Intel® Hyperflex™ Architecture High-Performance Design Handbook

ID 683353
Date 10/04/2021
Public

A newer version of this document is available. Customers should click here to go to the newest version.

Document Table of Contents

4.1.2. Step 2: Add Pipeline Stages and Remove Asynchronous Resets

This first optimization step adds five levels of pipeline registers in the design locations that Fast Forward suggests, and removes the asynchronous resets present in a design module. Adding additional pipeline stages at the interconnect between the ALMs eliminates some of the long routing delays. This optimization step increases fMAX performance to the level that Fast Forward estimates.

To add pipeline stages and remove asynchronous resets from the design:

  1. Open the Median_filter_<version>/Step_1/rtl/hyper_pipe.sv. This file defines a parameterizable hyper_pipe pipeline component that you can easily use in any design.
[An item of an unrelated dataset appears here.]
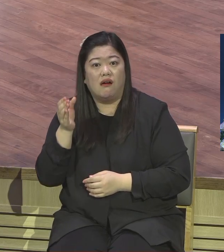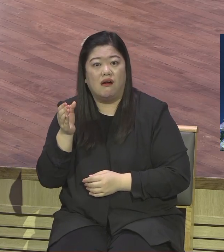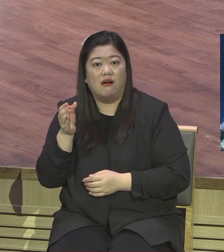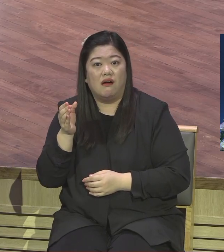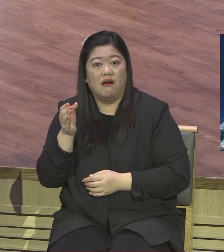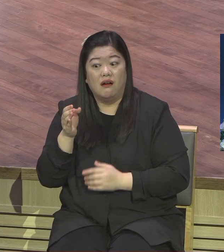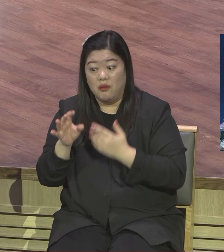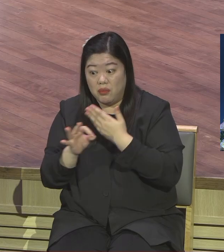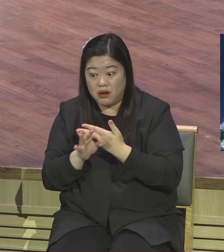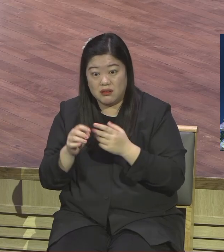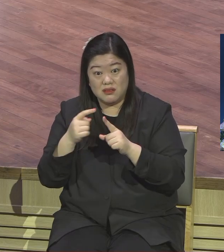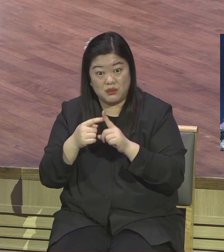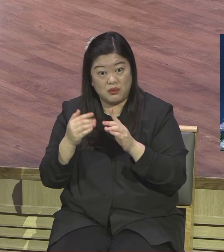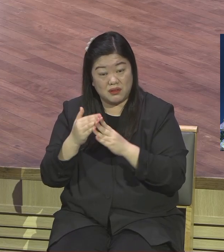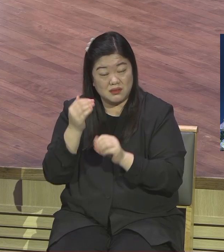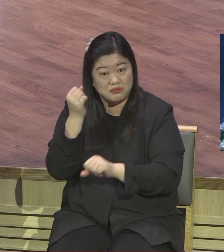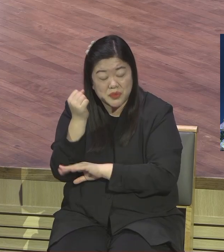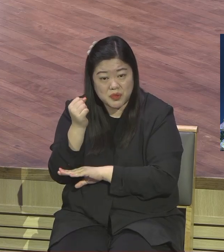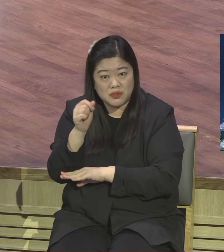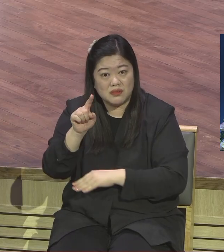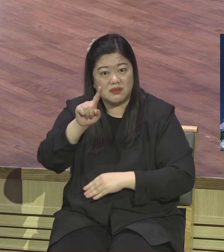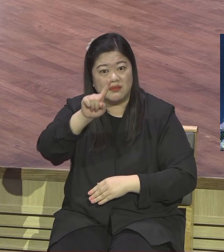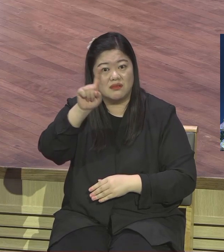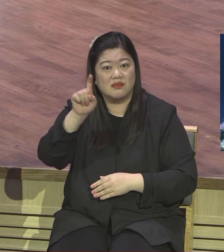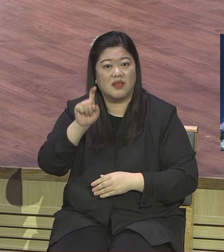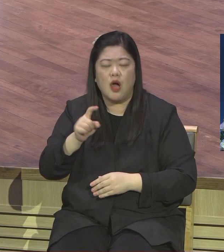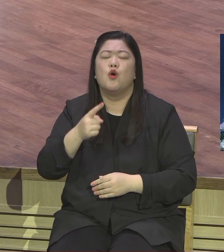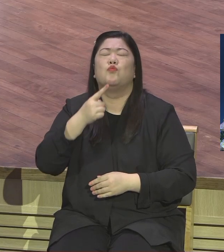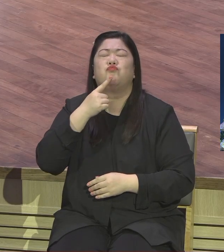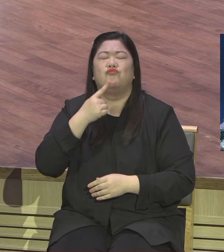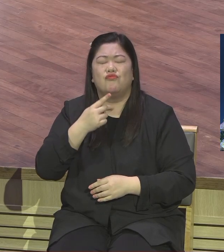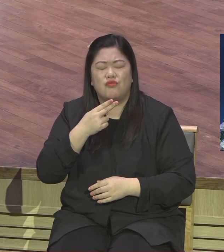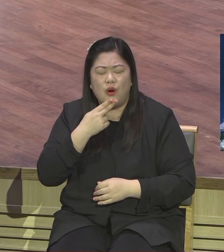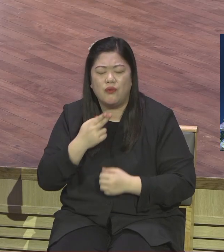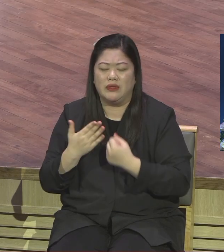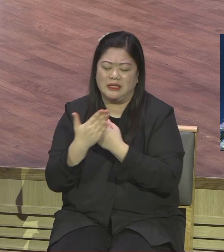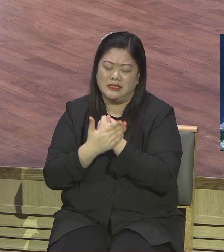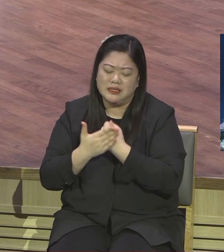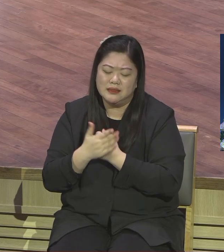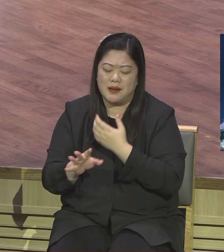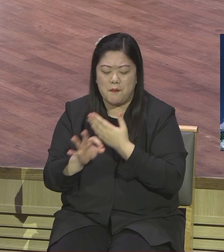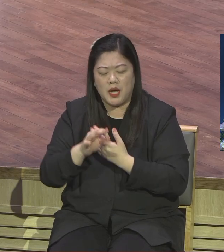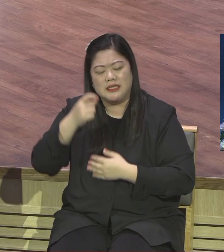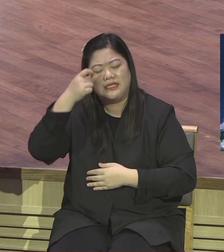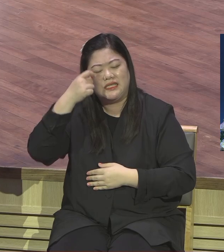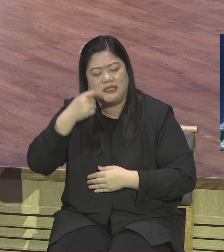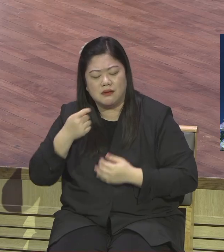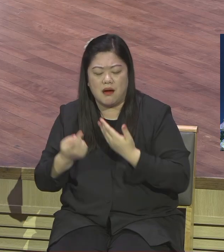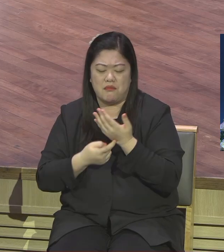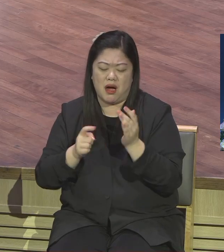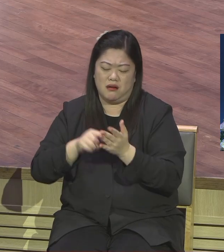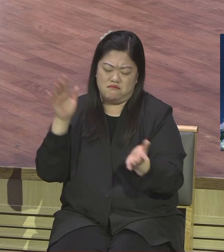싶다 그럴 수도 있죠 은혜 받다 보면 눈물도 나고 가슴도 뜨거워지고 막

The following shows this component's code with parameterizable width (WIDTH) and depth (NUM_PIPES):
    module hyper_pipe #(
    	parameter WIDTH = 1,
    	parameter NUM_PIPES = 1)
    (
    input clk,
    input [WIDTH-1:0] din,
    output [WIDTH-1:0] dout);
    
    reg [WIDTH-1:0] hp [NUM_PIPES-1:0];
    
    genvar i;
    generate
      if (NUM_PIPES == 0) begin
        assign dout = din;
      end
      else begin
        always @ (posedge clk) 
          hp[0] <= din;
          for (i=1;i < NUM_PIPES;i++) begin : hregs
            always @ ( posedge clk) begin
              hp[i] <= hp[i-1];
            end
          end
        assign dout = hp[NUM_PIPES-1];
      end
    endgenerate
    endmodule
  2. Use the parameterizable module to add some levels of pipeline stages to the locations that Fast Forward recommends. The following example shows how to add latency before the q output of the dff_3_pipe module:
    . . .
    
    hyper_pipe #( 
    	.WIDTH (DATA_WIDTH),
    	.NUM_PIPES(4)
    ) hp_d0 (
    	.clk(clk),
    	.din(d0),
    	.dout(q0_int)
    );
    . . .
    always @(posedge clk)
    begin : register_bank_3u
        if(~rst_n) begin
            q0 <= {DATA_WIDTH{1'b0}};
            q1 <= {DATA_WIDTH{1'b0}};
            q2 <= {DATA_WIDTH{1'b0}};
        end else begin
    		  q0 <= q0_int;
    		  q1 <= q1_int;
    		  q2 <= q2_int;
        end
    end
  3. Remove the asynchronous resets inside the dff_3_pipe module by simply changing the registers to synchronous registers, as shown below. Refer to Reset Strategies for general examples of efficient reset implementations.
    always @(posedge clk or negedge rst_n) // Asynchronous reset
    begin : register_bank_3u
        if(~rst_n) begin
            q0 <= {DATA_WIDTH{1'b0}};
            q1 <= {DATA_WIDTH{1'b0}};
            q2 <= {DATA_WIDTH{1'b0}};
        end else begin
            q0_reg <= d0;
            q1_reg <= d1;
            q2_reg <= d2;
    		  q0 <= q0_reg;
    		  q1 <= q1_reg;
    		  q2 <= q2_reg;
        end
    end
    
    always @(posedge clk)
    begin : register_bank_3u
        if(~rst_n_int) begin  // Synchronous reset
            q0 <= {DATA_WIDTH{1'b0}};
            q1 <= {DATA_WIDTH{1'b0}};
            q2 <= {DATA_WIDTH{1'b0}};
        end else begin
    		  q0 <= q0_int;
    		  q1 <= q1_int;
    		  q2 <= q2_int;
        end
    end
    These RTL changes add five levels of pipeline to the inputs of the median_wrapper design (word0, word1, and word2 buses), and five levels of pipeline into the dff_3_pipe module. The following steps show the results of these changes.
  4. To implement the changes, save all design changes and click Compile Design on the Compilation Dashboard.
  5. Following compilation, once again view the compilation results for the Clk clock domain in the Fast Forward Details report.

    The report shows the effect of the RTL changes on the Base Performance fMAX of the design. The design performance now increases to 495 MHz.

    The report indicates that you can achieve further performance improvement by removing more asynchronous registers, adding more pipeline registers, and addressing optimization limits of short path and long path. The following steps describe implementation of these recommendations in the design RTL.

    Note: As an alternative to completing the preceding steps, you can open and compile the Median_filter_<version>/Step_1/median.qpf project file that already includes these changes, and then observe the results.